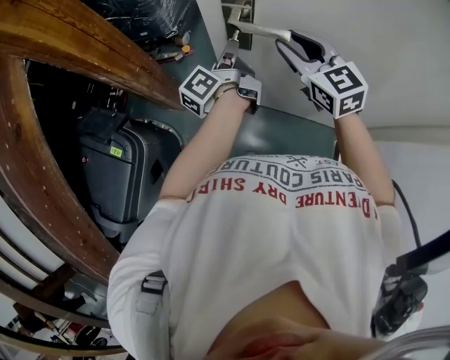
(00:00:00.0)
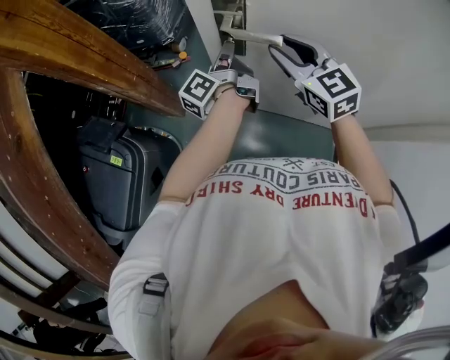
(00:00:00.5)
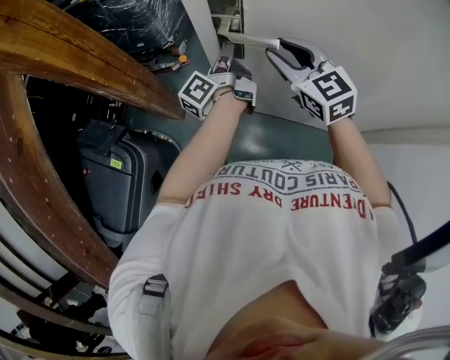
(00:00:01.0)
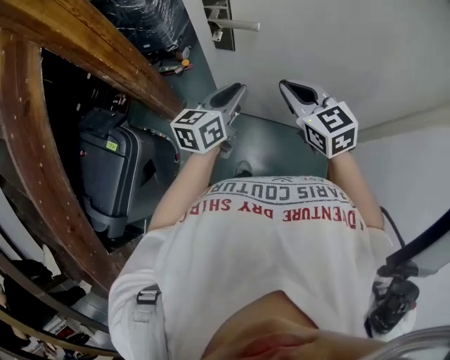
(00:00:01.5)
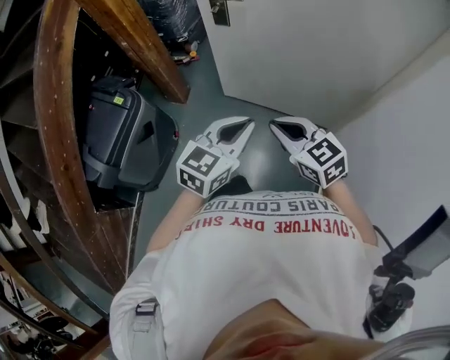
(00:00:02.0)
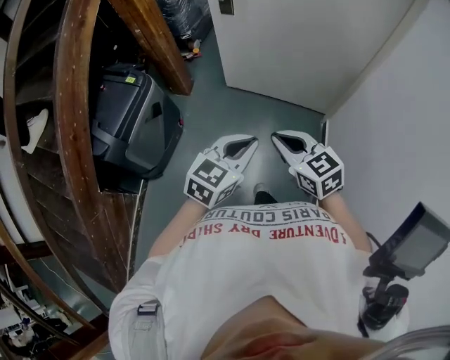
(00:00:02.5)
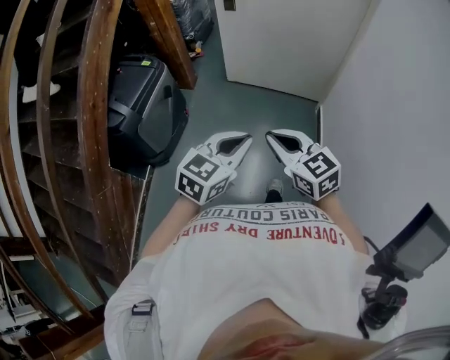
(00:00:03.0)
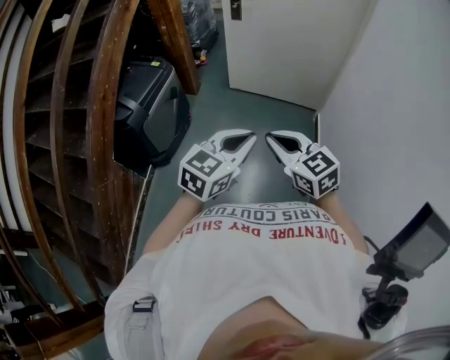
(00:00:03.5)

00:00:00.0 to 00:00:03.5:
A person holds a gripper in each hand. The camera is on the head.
00:00:00.0 to 00:00:02.0: The pair of grippers is taken backward, about 50 cm. The right gripper closes. Meanwhile the left gripper rolls clockwise, seen from behind, by some 80 degrees.
00:00:02.0 to 00:00:03.5: Both grippers are carried backward, some 50 cm.

================

Task brief:
Transcribe the listing above verbatim. Omit the pictures.

Written response:
(00:00:00.0)
(00:00:00.5)
(00:00:01.0)
(00:00:01.5)
(00:00:02.0)
(00:00:02.5)
(00:00:03.0)
(00:00:03.5)

00:00:00.0 to 00:00:03.5:
A person holds a gripper in each hand. The camera is on the head.
00:00:00.0 to 00:00:02.0: The pair of grippers is taken backward, about 50 cm. The right gripper closes. Meanwhile the left gripper rolls clockwise, seen from behind, by some 80 degrees.
00:00:02.0 to 00:00:03.5: Both grippers are carried backward, some 50 cm.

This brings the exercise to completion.